Immagine tratta da https://pictame2.com/user/mediaevi/ (autore: Davide Ravaioli)

Nonostante il lockdown, all’Università Roma Tre le attività didattiche procedono regolarmente in streaming; questa è stata la formula adottata anche per il seminario sul Festival del Medioevo organizzato nell’ambito del corso Sustainability and Cultural Awareness del Dipartimento di Economia Aziendale.

Medioevo, medievalismi, storia medievale sono le tre prospettive diverse che da cinque anni trovano nel Festival del Medioevo un fruttuoso spazio di confronto e un esempio unico di promozione culturale.
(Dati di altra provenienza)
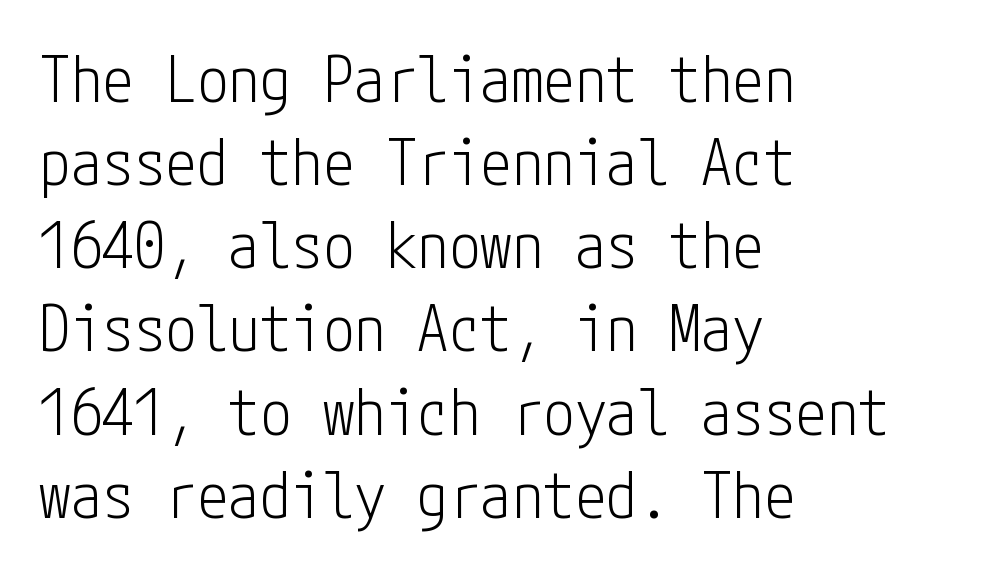
The image shows 63 px light, condensed sans-serif type, upright; set left-aligned, normal line spacing (1.32x), normal letter spacing, not underlined; low stroke contrast and a medium x-height.
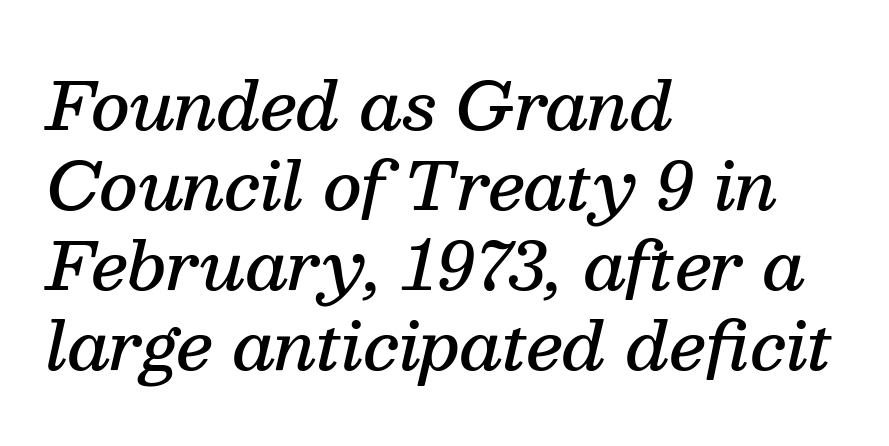
Q: Is the text bold? A: Semi-bold.
Q: Is the text italic (slanted)? A: Yes, it leans right by about 13 degrees.
Q: Is the typeface a serif or a sans-serif typeface? A: Serif.
Q: Is the text underlined? A: No.
Q: How is the paragraph aligned? A: Left-aligned.
Q: Is the spacing between letters normal or unusually wide? A: Normal.
Q: Width (condensed, normal, or wide)? A: Normal.
Q: Stroke contrast? A: Medium.
Q: x-height? A: Medium.
Q: Monospaced? A: No.
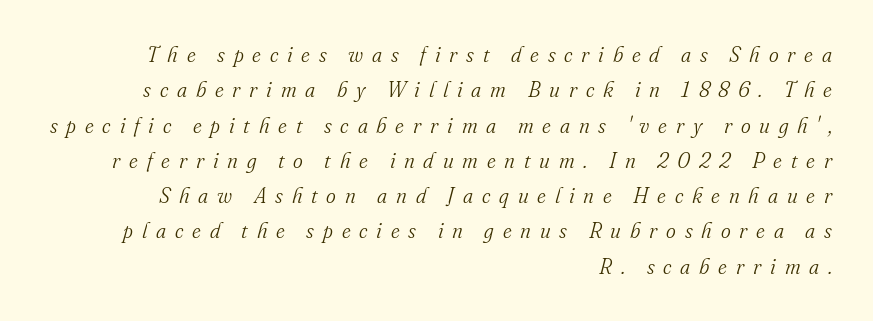
Q: Is the text bold? A: No.
Q: Is the text italic (slanted)? A: Yes, it leans right by about 16 degrees.
Q: Is the text underlined? A: No.
Q: How is the paragraph aligned? A: Right-aligned.
Q: Is the spacing between letters normal or unusually wide? A: Unusually wide.
Q: Is the spacing between lines tight, normal or loose? A: Normal.
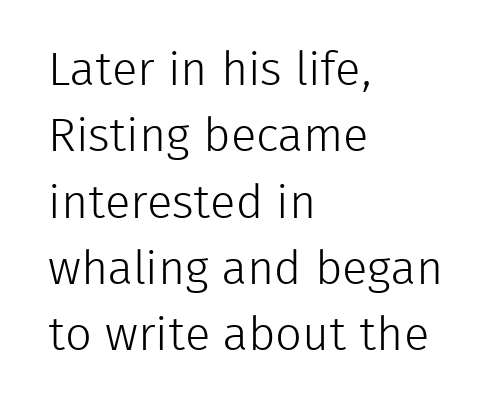
Q: Is the text bold? A: No.
Q: Is the text italic (slanted)? A: No, it is upright.
Q: Is the typeface a serif or a sans-serif typeface? A: Sans-serif.
Q: Is the text underlined? A: No.
Q: How is the paragraph aligned? A: Left-aligned.
Q: Is the spacing between letters normal or unusually wide? A: Normal.
Q: Is the spacing between lines tight, normal or loose? A: Normal.
Q: Width (condensed, normal, or wide)? A: Normal.
Q: Stroke contrast? A: Low.
Q: x-height? A: Medium.
Q: Monospaced? A: No.
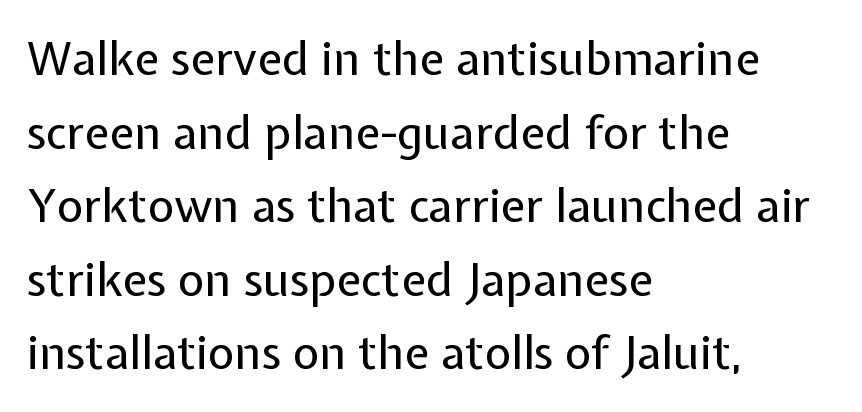
Q: Is the text bold? A: No.
Q: Is the text italic (slanted)? A: No, it is upright.
Q: Is the typeface a serif or a sans-serif typeface? A: Sans-serif.
Q: Is the text underlined? A: No.
Q: How is the paragraph aligned? A: Left-aligned.
Q: Is the spacing between letters normal or unusually wide? A: Normal.
Q: Is the spacing between lines tight, normal or loose? A: Normal.
Q: Width (condensed, normal, or wide)? A: Normal.
Q: Stroke contrast? A: Low.
Q: x-height? A: Medium.
Q: Monospaced? A: No.
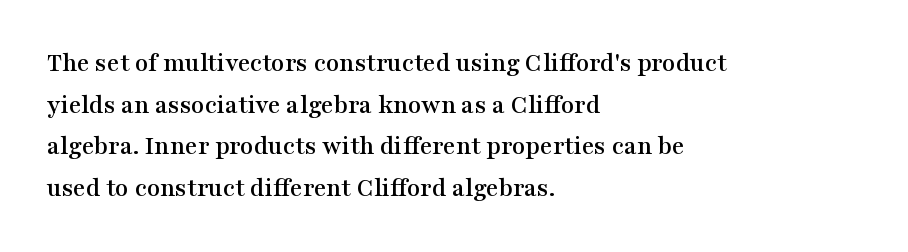
{"italic": "no", "underline": "no", "align": "left", "line_spacing": "normal", "line_spacing_ratio": 1.54, "letter_spacing": "normal", "letter_spacing_em": 0.0, "glyph_px": 27}
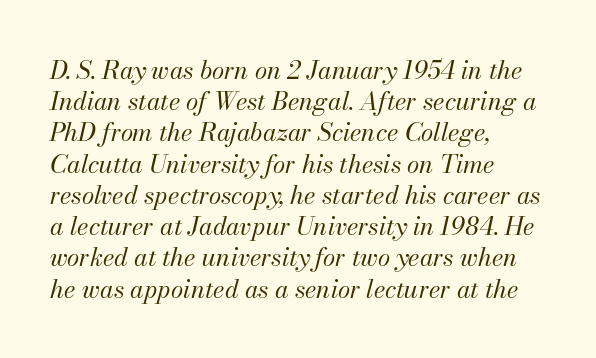
Compared with a typical body face, this is equally light or lighter still. Tracking here is standard; glyphs follow each other at the usual distance. Check the space under the baseline: it is left empty. The designer left line spacing at the default. The typesetter chose a ragged-right arrangement here.
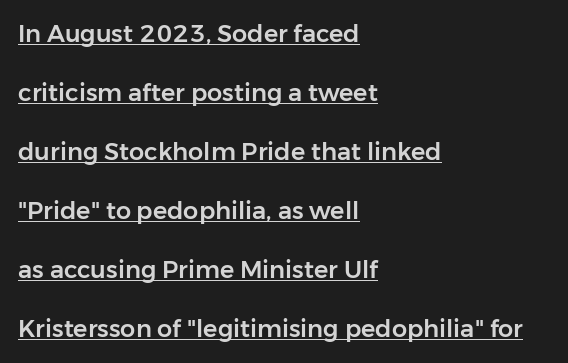
The lines are spread far apart with generous leading. Somebody hit Ctrl+U on this one — the words are underlined. Default kerning and tracking; the words read as compact shapes. Upright lettering throughout. Teacher's note: observe the even left margin — that is flush-left alignment.
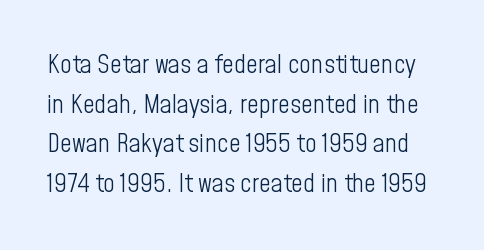
Q: Is the text bold? A: No.
Q: Is the text italic (slanted)? A: No, it is upright.
Q: Is the text underlined? A: No.
Q: Is the spacing between letters normal or unusually wide? A: Normal.
Q: Is the spacing between lines tight, normal or loose? A: Normal.
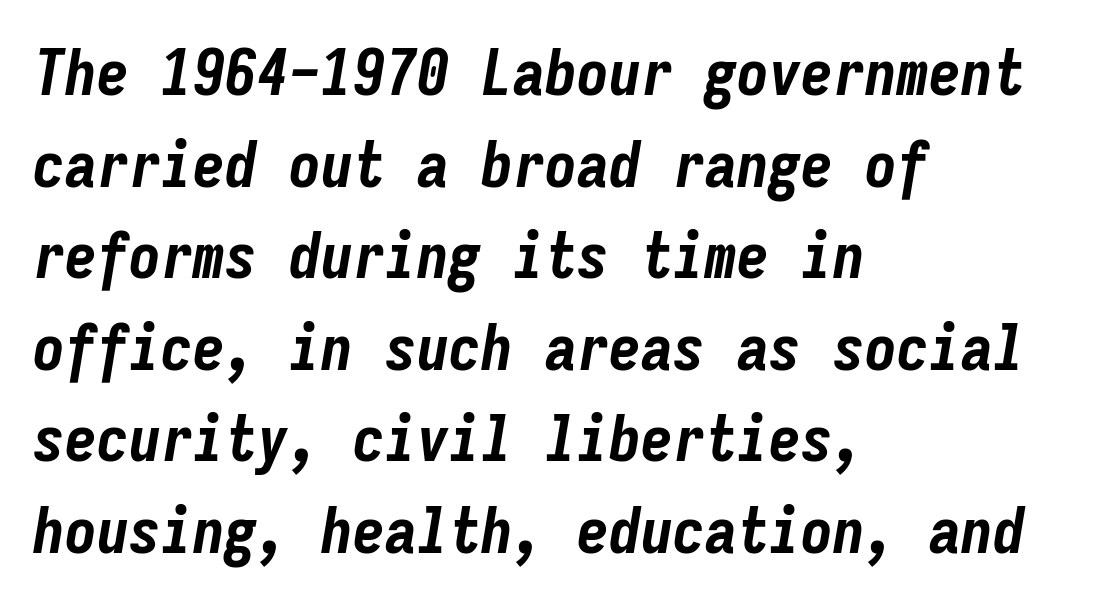
If you measured baseline to baseline, you'd find a middling distance. When letters slant like this, we call the style italic. Chunky letters — that's bold for sure. These lines are rendered in a fixed-pitch font. The baseline area is clear.
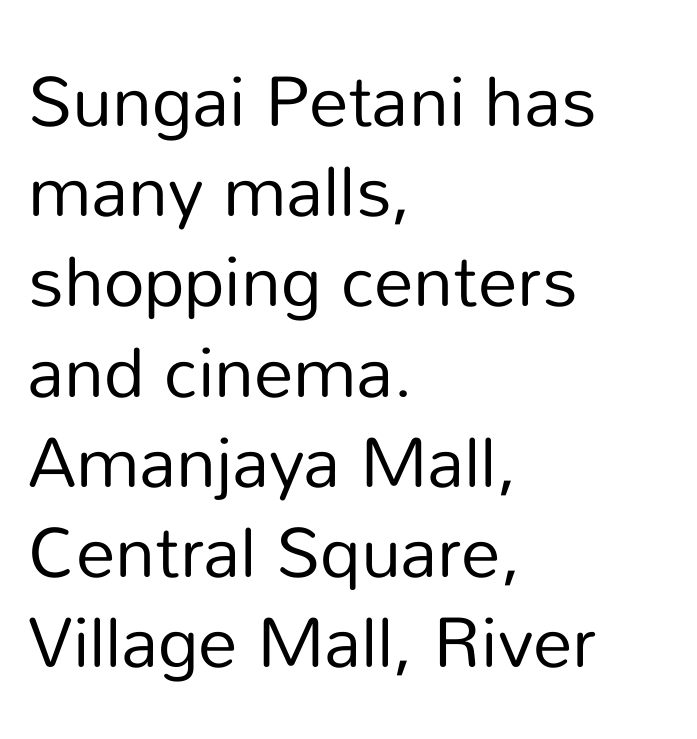
{"serif": "no", "italic": "no", "bold": "no", "weight": "regular", "width": "normal", "stroke_contrast": "low", "x_height": "medium", "monospaced": "no", "underline": "no", "align": "left", "line_spacing": "normal", "line_spacing_ratio": 1.27, "letter_spacing": "normal", "letter_spacing_em": 0.0, "glyph_px": 71}
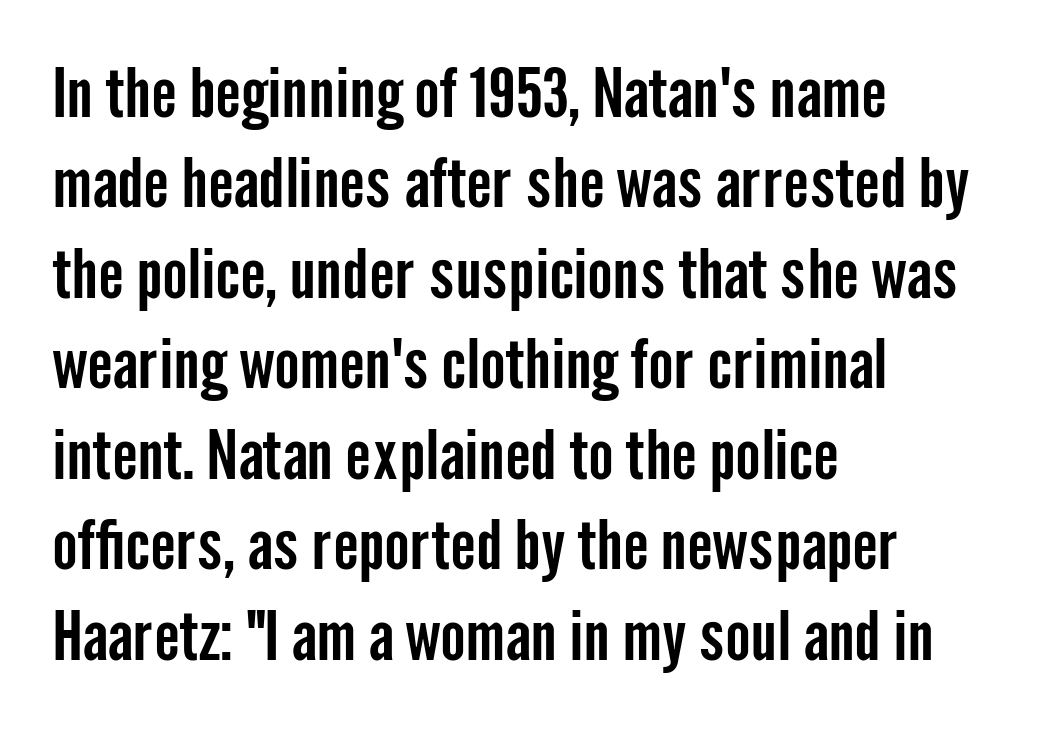
The letters stand straight up with perfectly vertical stems. Grotesque or geometric, the face here clearly has no serifs. There is no visible air inserted between adjacent glyphs. The designer left line spacing at the default. Descender tails drop into unmarked territory. One-word summary of the alignment: left.
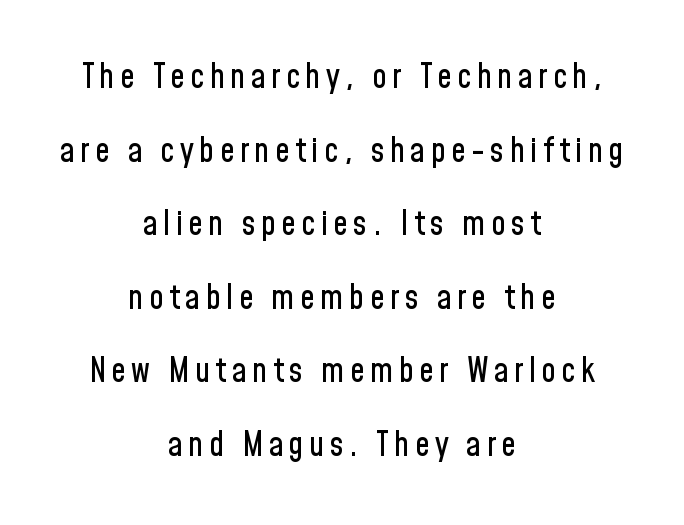
Q: Is the text italic (slanted)? A: No, it is upright.
Q: Is the typeface a serif or a sans-serif typeface? A: Sans-serif.
Q: Is the text underlined? A: No.
Q: How is the paragraph aligned? A: Centered.
Q: Is the spacing between lines tight, normal or loose? A: Loose.
Q: Width (condensed, normal, or wide)? A: Condensed.
Q: Stroke contrast? A: Low.
Q: x-height? A: Medium.
Q: Monospaced? A: No.
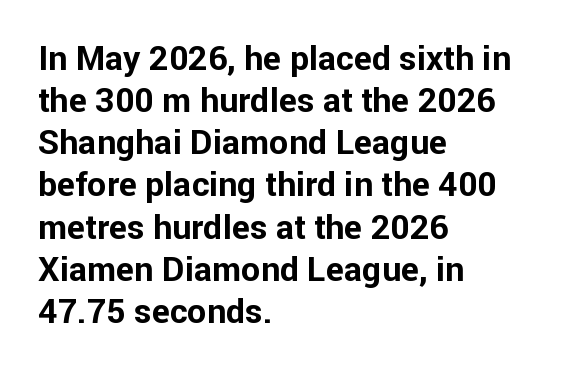
The image shows 34 px bold sans-serif type, upright; set left-aligned, line spacing 1.24x, normal letter spacing, not underlined; low stroke contrast and a medium x-height.
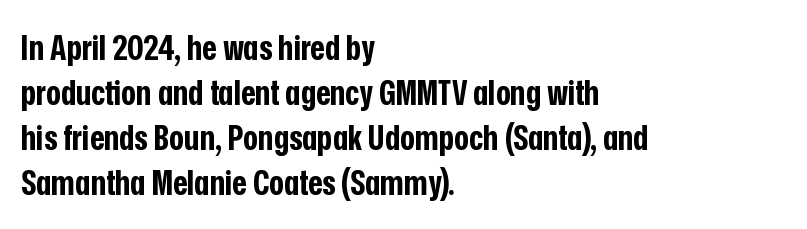
Q: Is the text bold? A: Yes.
Q: Is the text italic (slanted)? A: No, it is upright.
Q: Is the typeface a serif or a sans-serif typeface? A: Sans-serif.
Q: Is the text underlined? A: No.
Q: How is the paragraph aligned? A: Left-aligned.
Q: Is the spacing between letters normal or unusually wide? A: Normal.
Q: Is the spacing between lines tight, normal or loose? A: Normal.
Q: Width (condensed, normal, or wide)? A: Condensed.
Q: Stroke contrast? A: Low.
Q: x-height? A: Medium.
Q: Monospaced? A: No.
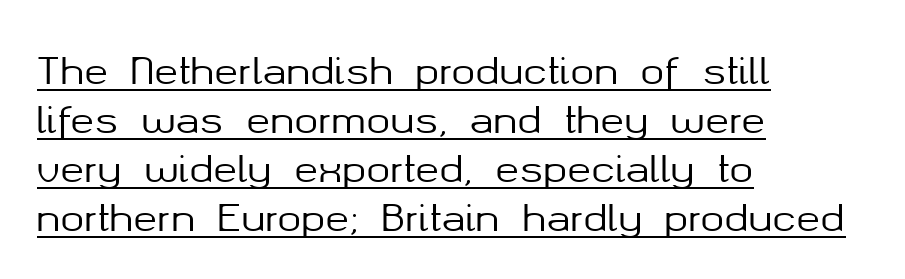
Do the characters align in a grid? No, the font is proportional. Rendered with straight, roman letterforms. Leading matches the norm, producing a regular column. The font family rendered here belongs to the sans-serif group. This sample carries an underscore along the baseline area. Typeset ragged right — the left edge is the straight one.
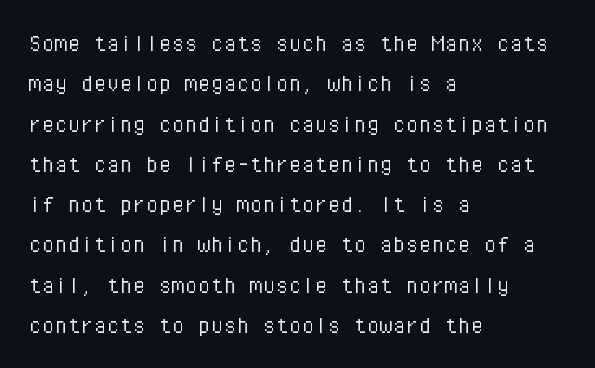
{"italic": "no", "bold": "no", "underline": "no", "align": "left", "line_spacing": "normal", "line_spacing_ratio": 1.55, "letter_spacing": "normal", "letter_spacing_em": 0.0, "glyph_px": 26}
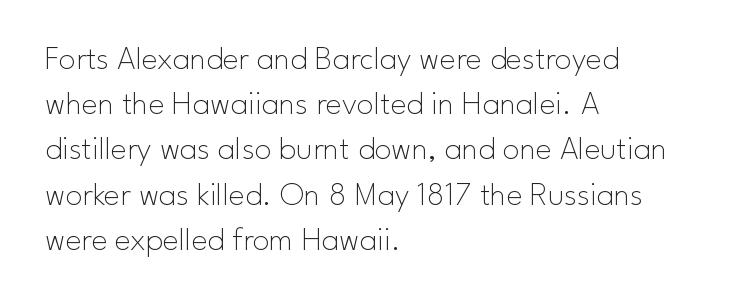
{"serif": "no", "italic": "no", "bold": "no", "weight": "thin", "width": "normal", "stroke_contrast": "low", "x_height": "small", "monospaced": "no", "underline": "no", "align": "left", "line_spacing": "normal", "line_spacing_ratio": 1.33, "letter_spacing": "normal", "letter_spacing_em": 0.0, "glyph_px": 34}

Per parlarne, ci siamo incontrati su Skype con Federico Fioravanti, ideatore e presidente del Festival del Medioevo; Tommaso di Carpegna Falconieri, docente di Storia medievale nell’Università di Urbino; Vito Loré, docente di Storia medievale a Roma Tre; Giulia Bordi, docente di Storia dell’arte medievale a Roma Tre coordinati da Sabina Addamiano, docente di Sustainability and Cultural Awareness. Insieme a loro, studenti e giovani studiosi di tanti Paesi europei, ciascuno davanti al proprio pc in Finlandia, Francia, Italia, Germania, Lituania, Paesi Bassi, Spagna; tutti interessati ad approfondire la conoscenza del Medioevo, la sua vitalità, le sue strategie di valorizzazione scientifica e di alta divulgazione attraverso una formula, quella del Festival del Medioevo, capace di appassionare tanti pubblici diversi.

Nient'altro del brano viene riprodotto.